A review of the record reveals no error by the chancellor of the circuit court in his findings of fact. The provision of the ante-nuptial agreement, which provided "* * * however, in any event, such sum shall be paid not later than six (6) months after the death of the party of the First Part * * *" was a condition precedent to any obligation on the part of the widow to comply with the obligation of her agreement contained in said ante-nuptial contract.

The condition precedent has been defined as one which calls for the performance of some act, or the happening of some event after a contract is entered into, upon the performance or happening of which its obligation to perform is made to depend. 7 Fla.Jur., Contracts, § 104, page 172.

"It is an elementary rule that there must be at least a substantial performance of conditions precedent in order to authorize a recovery as for performance of a contract.

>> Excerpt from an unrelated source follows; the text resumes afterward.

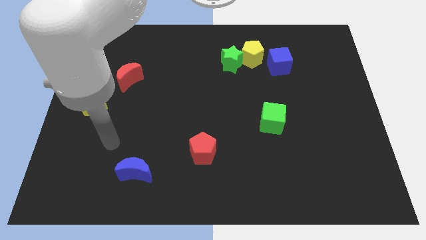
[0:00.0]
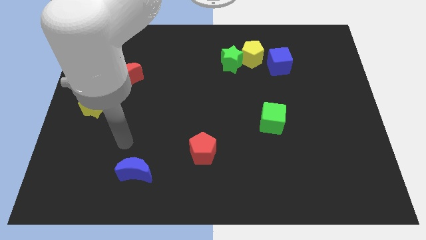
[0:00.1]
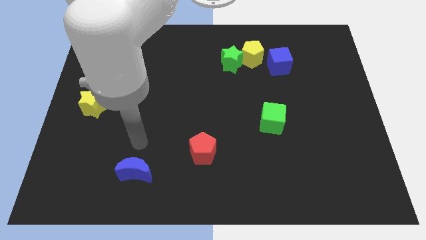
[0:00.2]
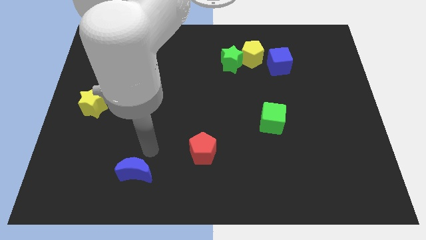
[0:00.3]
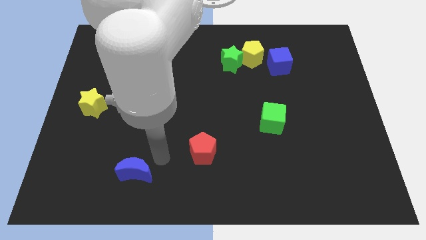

In no case can repudiation of the contract by one party be held equivalent to performance, or a legal excuse for non-performance, by the other party, of conditions precedent, so as to authorize recovery as for performance of such conditions precedent." 7 Fla.Jur., Contracts, § 130, page 197.

This court finds that the letter written by appellants to the Widow Rothman was not a substantial compliance (if it could be considered in compliance whatsoever) of the condition precedent for the payment of the $5,000 within not less than six months as required by the ante-nuptial contract.

Accordingly, the summary final decree in favor of the appellees is affirmed.

Affirmed.

PEARSON, Acting Chief Judge, and CARROLL, CHAS., J., concur.